I've also known people who self-published books, though not technical software books.  They faced a huge uphill battle for sales.

(I'm still not a broker)  Why do you ask about publishers "milking" an author?  If you are not willing or able to pay the cost of publishing a book (many thousands up front), then whomever is willing to take that risk needs to be able to balance the probability that your book will be a money-loser against the few books they publish that actually turn a profit.  Generally, the people willing to take monetary risks make a high percentage for taking that risk - if the venture pans out.  That means that you, the author, get to accept a smaller percentage for not taking the monetary risk.  Sure, you are out time for having written it, but you are not out hard cash (my friend wrote his books in the evenings - very late evenings - while he had a day job that paid his bills).
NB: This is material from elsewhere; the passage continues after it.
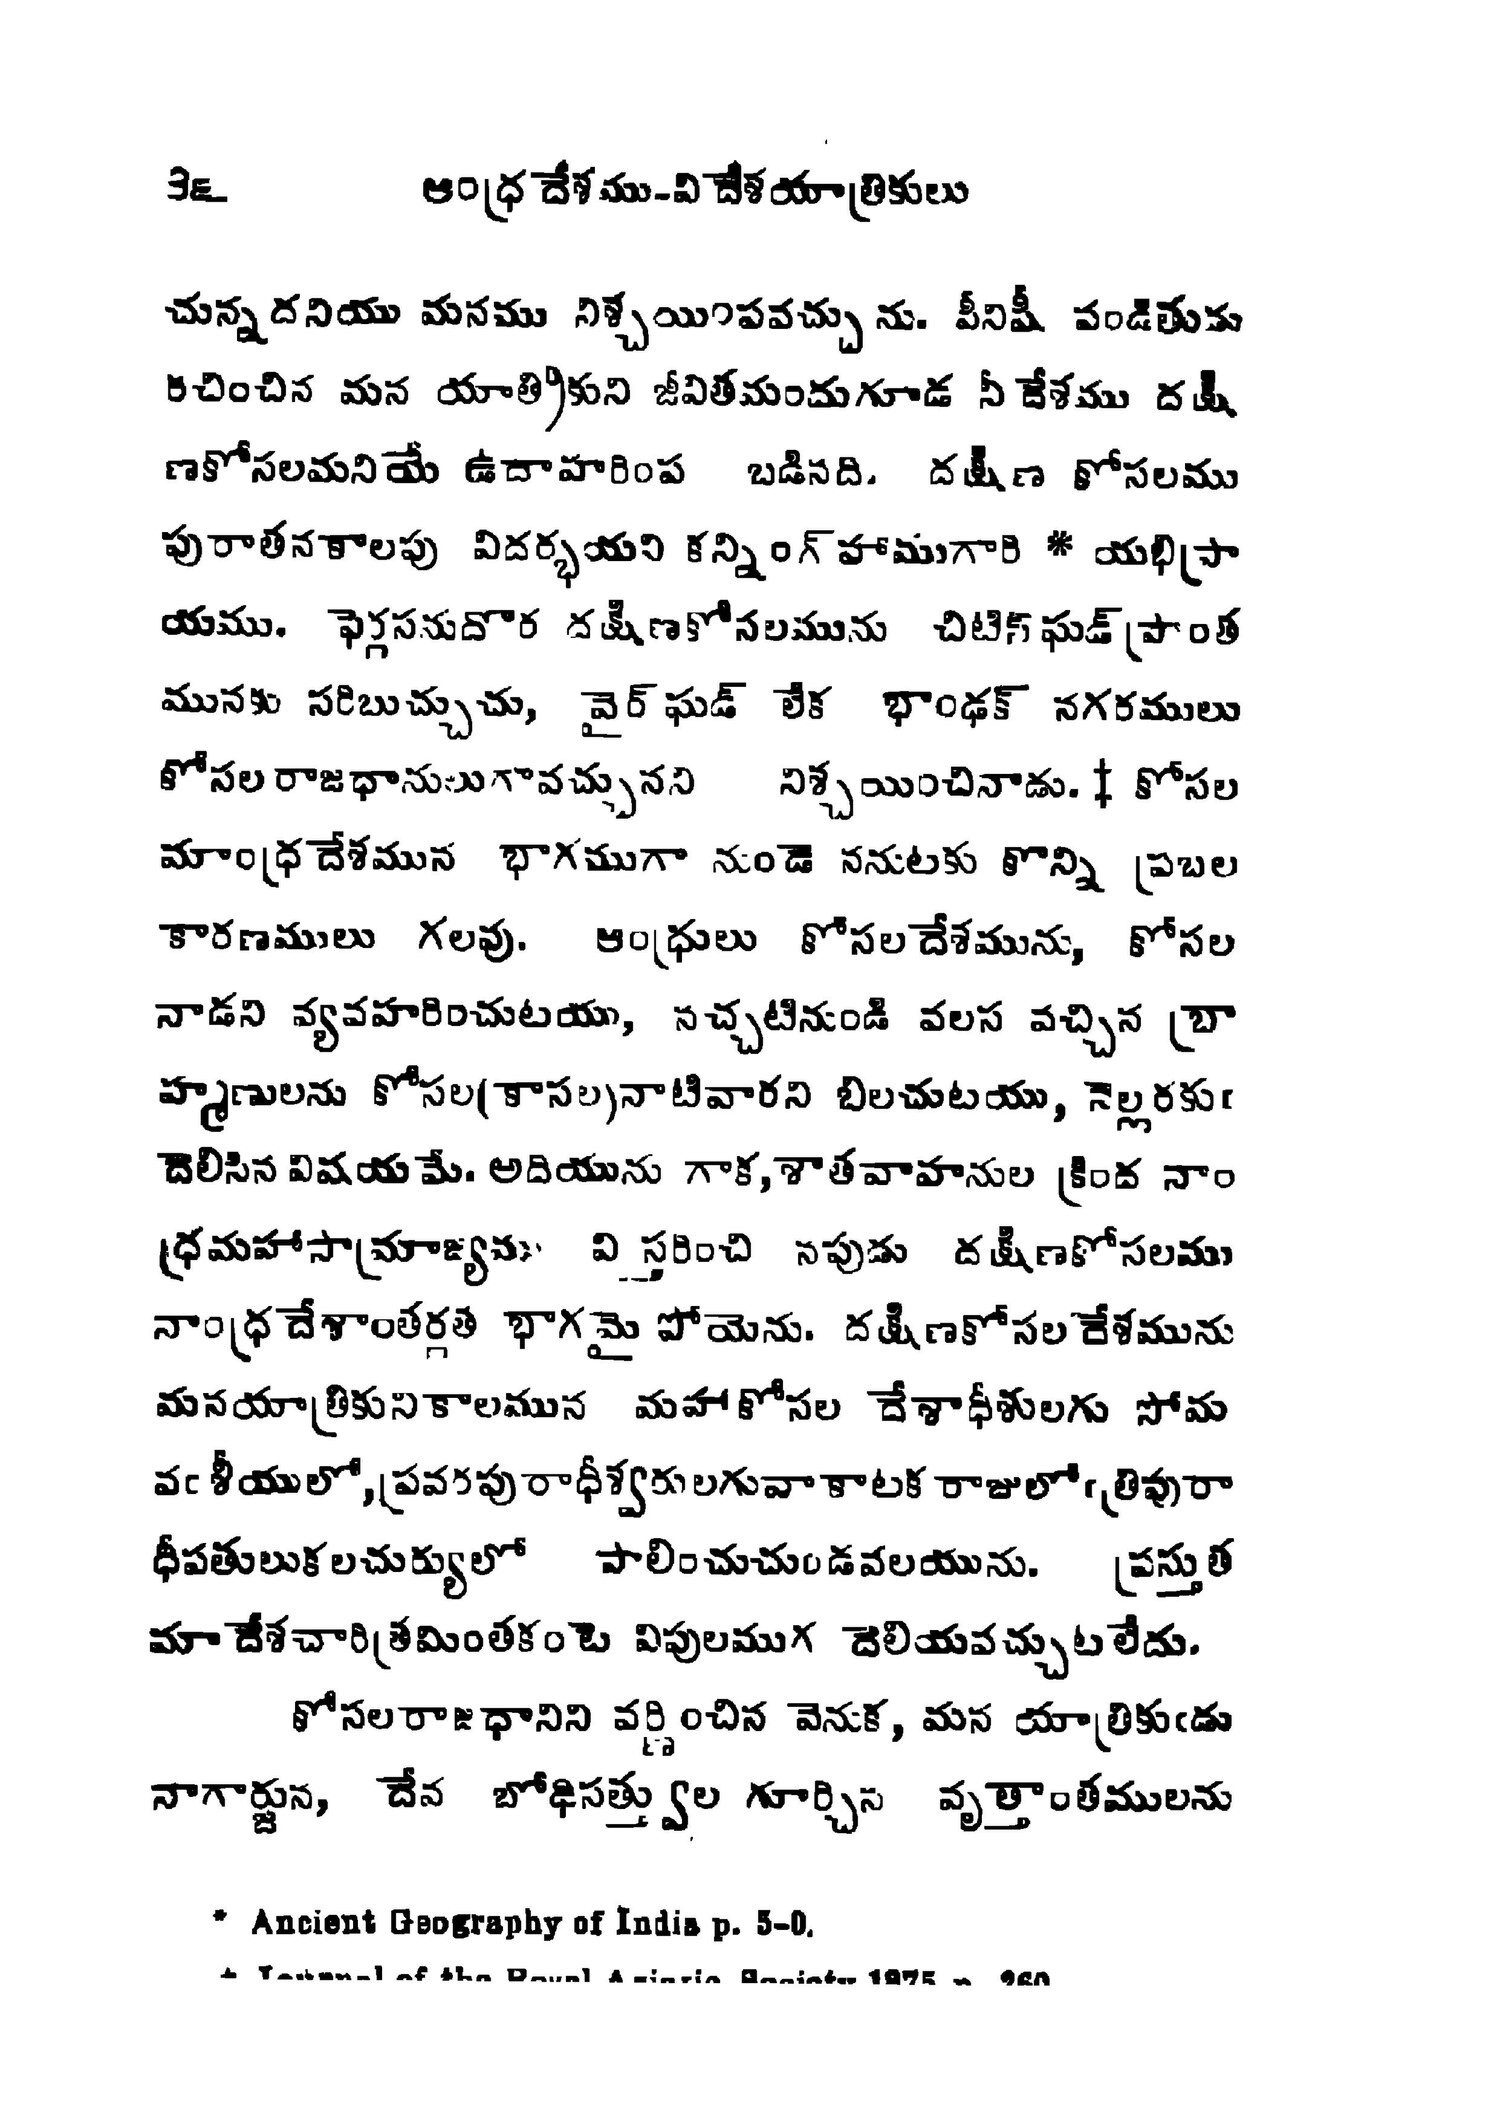చున్నదనియు మనము నిశ్చయింపవచ్చును. పీనిషీ పండితుడు రచించిన మన యాత్రికుని జీవతమందుగూడ నీ దేశము దక్షిణకోసలమనియే ఉదహహరింప బడినది. దక్షిణ కోసలము పురాతనకాలపు విదర్భయని కన్నింగ్‌హాముగారి యభిప్రాయము. ఫెర్గసనుదొర దక్షిణకోసలమును చిటిస్‌ఘడ్‌ ప్రాంతమునకు సరిబుచ్చుచు, వైర్ ఘడ్ లేక భాండక్ నగరములు కోసల రాజధానులుగావచ్చునని నిశ్చయించినాడు. ‡ కోసల మాధ్రదేశమున భాగముగా నుండె ననుటకు కొన్ని ప్రబల కారణములు గలవు. ఆంధ్రులు కోసలదేశమును, కోసలనాడని వ్యవహరించుటయు, నచ్చటినుండి వలస వచ్చిన బ్రాహ్మణులను కోసల (కాసల) నాటివారని బిలచుటయు, నెల్లరకు దెలిసిన విషయమే. అదియును గాక, శాతవాహనుల క్రింద నాంధ్రమహాసామ్రాజ్యము విస్తరించి నపుడు దక్షిణకోసలము నాంధ్రదేశాంతర్గత భాగమైపోయెను. దక్షిణకోసలదేశమును మనయాత్రికునికాలమున మహాకోసల దేశాధీశులగు సోమ వంశీయులో, ప్రవరపురాధీశ్వరులగు వాకాటక రాజులో, త్రిపురాధీపతులు కలచుర్యులో పాలించుచుండవలయును. ప్రస్తుత మాదేశచారిత్రమింతకంటె విపులముగ దెలియవచ్చుటలేదు.

కోసలరాజధానిని వర్ణించిన వెనుక, మన యాత్రికుడు నాగార్జున, దేవ బోధిసత్త్వుల గూర్చిన వృత్తాంతములను

This is two threads in one day where we supposedly smart and ambitious software people are hammering on the profit motive.  Is there something inherently wrong with the desire to make a profit?  Or to reward those who have risked their capital to create a business?

Karl Perry
Tuesday, May 11, 2004

Karl, most writers of "technical books" invest enormous amounts of time and effort, especially when they're also required to provide working application samples.

They are then staggered to find a cheque for a measly few hundred or, if they're lucky, few thousand dollars.

The publishing model for these books grew out of university text books, where academics would just provide their lecture notes, which had already been written. This involved little extra work, and they're on salary anyway.

Your friend sounds like be gained his income from being a spruiker - the lecture circuit and talks. That's different from his returns as an author, although both obviously built each other.

For most technical authors, the returns are abysmal. Part of the reason is that the distribution system is controlled by publishers who can sucker young people into putting in the work for little return. This prevents better writers from getting involved.

Tuesday, May 11, 2004

As far as I can tell those that regularly write technical dsoftware books get a few thousand dollars a book. Depending on the type of book your talking two months or more per book.

So the salary is normally a fair bit less than you would get as a consultant, though sometimes the two are combined (the book helps to bring in customers).

The advantage over consulting is that you can choose to live somewhere cheap; there are advantages to living on Pattaya all year round.

Stephen Jones
Wednesday, May 12, 2004

I thought sucessful Technical Authors could cash out millions.

Am I Wrong ?

Not Stephen King
Wednesday, May 12, 2004

Yep. You're wrong big time. Most authors of IT-type books are basically geeks without any writing background, flattered at being invited to write a book.

It's only after it's been published and their head has swollen that a few realities set in. Like they get hardly any money even though they spent several months devoting all their spare time to the book.

Wednesday, May 12, 2004

I would thnk Scott Mueller and Mark Minasi are probably millionaires. And of course Scott Adams is one many times over but that doesn't count. Nor does Peter Norton, who presumably got most of his money from selling his company, though he must have been making a pretty packet from his books.

Most tech writers never get any royalites, because the royalties never pay off the advance.

Stephen Jones
Wednesday, May 12, 2004

I would also suggest looking into the computerbookauthors Yahoo! user group.